Strictly incrementing UUIDs can offer the same benefit.

barrkel 5 years ago |

Another point: if there's any temporal locality to your future access patterns - if you're more likely to access multiple rows which were inserted at roughly the same time - then allocating sequential identifiers brings those entries closer together in the primary key index.

I used to work on a reconciliation system which inserted all its results into the database. Only the most recent results were heavily queried, with a long tail of occasional lookups into older results. We never had a problem with primary key indexes (though this was in MySQL, which uses a clustered index on the primary key for row storage, so it's an even bigger benefit); the MD5 column used for identifying repeating data, on the other hand, would blow out the cache on large customers' instances.

vinayan3 5 years ago | |

To add on. If you are joining against a table where you are joining on a UUID the join becomes quite slow with very large tables, like >10 million rows.
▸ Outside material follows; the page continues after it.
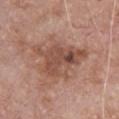{"lesion_size": {"long_diameter_mm_approx": 7.0}, "site": "chest", "image": {"source": "total-body photography crop", "field_of_view_mm": 15}, "patient": {"sex": "male", "age_approx": 80}}

PG will say it's doing a hash look up and you'd think it'd be fast but it will take quite sometime relative to joining two large tables with integer IDs. With UUIDS PG will give up doing a hash look up sometimes and try to do table scans unless you adjust random_page_cost.

In general joining on UUIDs for large tables is a bad idea. It can be great if you are joining a single row to another row.

foresto 5 years ago |

I once pondered how I might generate IDs that were as compact as a machine word, without a value (or small set of values) revealing the size of the data set. One application might be user-visible customer numbers that don't easily reveal how many customers there are.

I eventually came across the idea of using maximal period linear-feedback shift registers to transform an integer variable through every possible value (minus one), but in a non-incremental sequence that depends on the LFSR arrangement.

I never ended up putting the idea to use, but I've always been curious about people who have and how it worked out for them. [Edit to clarify: It was meant for obfuscation, not security against a determined attacker.]

dpifke 5 years ago | |

I've used a small block cipher like Skip32 or Speck to obfuscate database sequences, either on INSERT or as part of the encoding scheme.

This works well against the German Tank Problem when there's no oracle allowing an attacker to guess lots of IDs quickly (such as when there are reasonable rate limits). It does not provide enough entropy when such an oracle exists (especially an offline one).

For something like a password reset token, it still needs to be paired with suitably random bytes.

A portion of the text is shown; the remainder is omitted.